To do: Filter the entries below down to the lines that hold "eines".

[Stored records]
────────────────

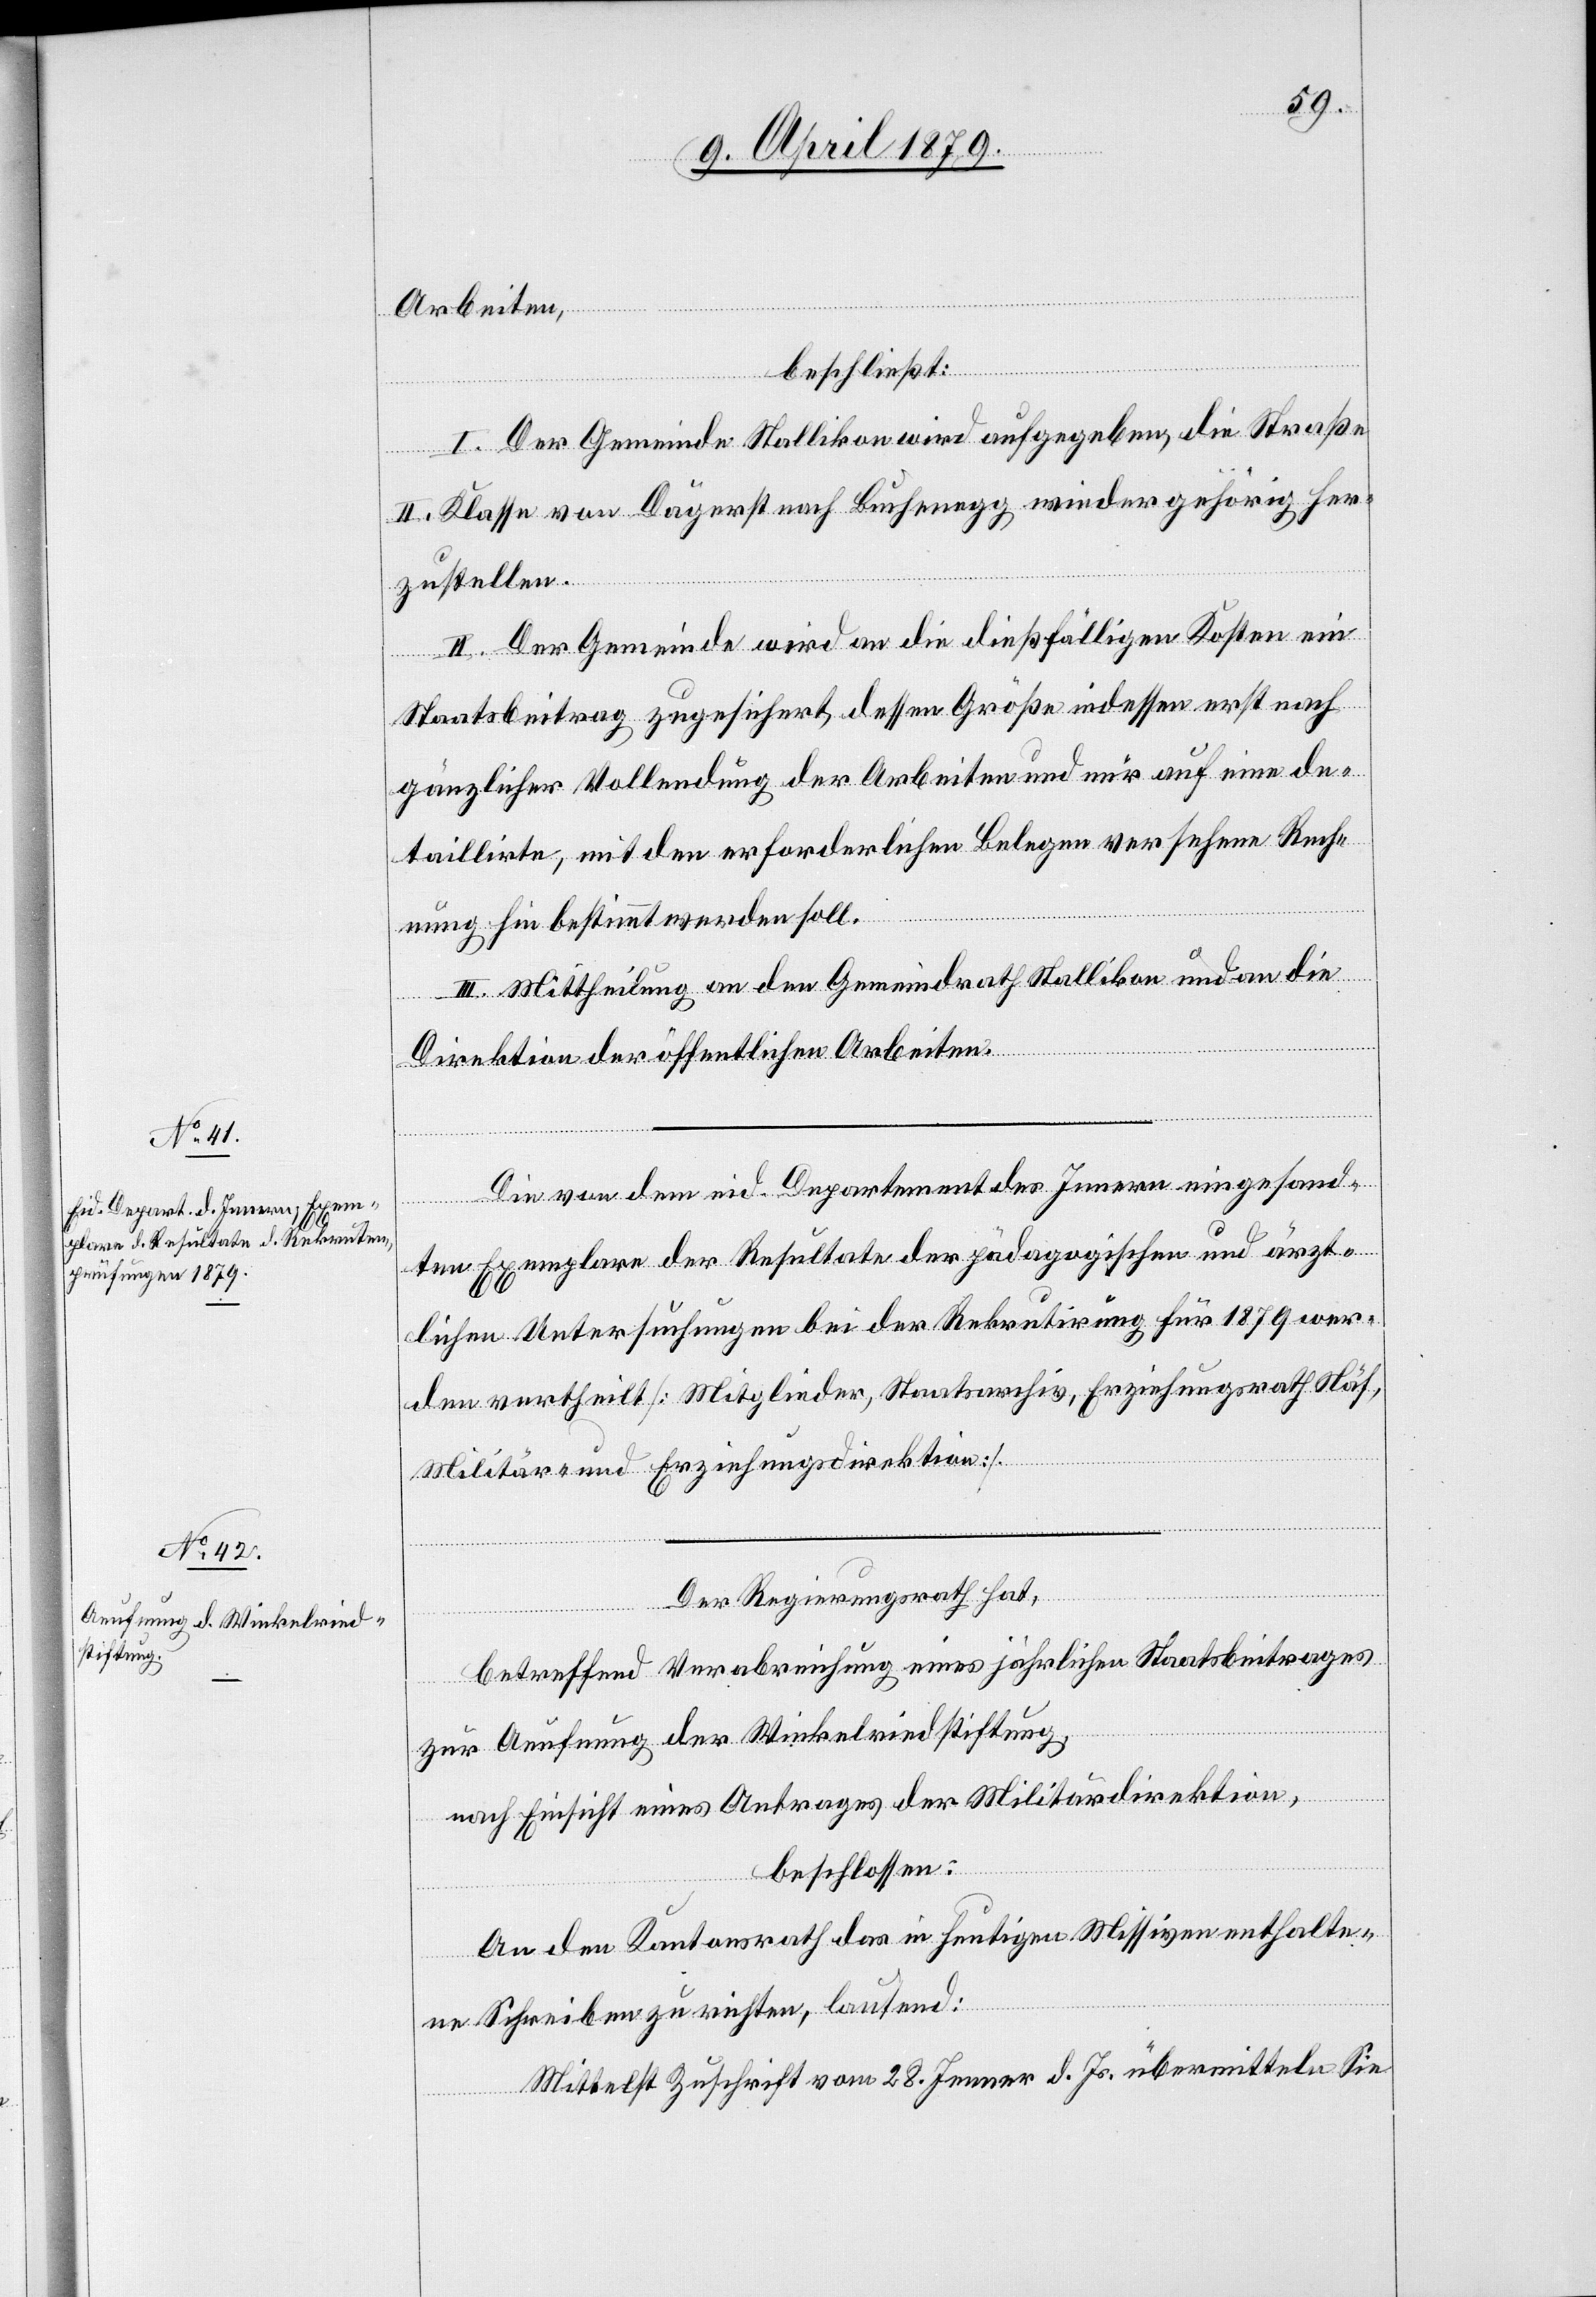
Die von dem eid. Departement des Innern eingesand¬
ten Exemplare der Resultate der pädagogischen und ärzt¬
lichen Untersuchungen bei der Rekrutirung für 1879 wer¬
den vertheilt [Mitglieder, Staatsarchiv, Erziehungsrath Näf,
Militär- und Erziehungsdirektion].
Der Regierungsrath hat,
betreffend Verabreichung eines jährlichen Staatsbeitrages
zur Aeufnung der Winkelriedstiftung,
nach Einsicht eines Antrages der Militärdirektion,
beschlossen:
An den Kantonsrath das in heutigen Missiven enthalte¬
ne Schreiben zu richten, lautend:
Mittelst Zuschrift vom 28. Jenner d. Js. übermitteln Sie

────────────────

Finished exercise:
betreffend Verabreichung eines jährlichen Staatsbeitrages
nach Einsicht eines Antrages der Militärdirektion,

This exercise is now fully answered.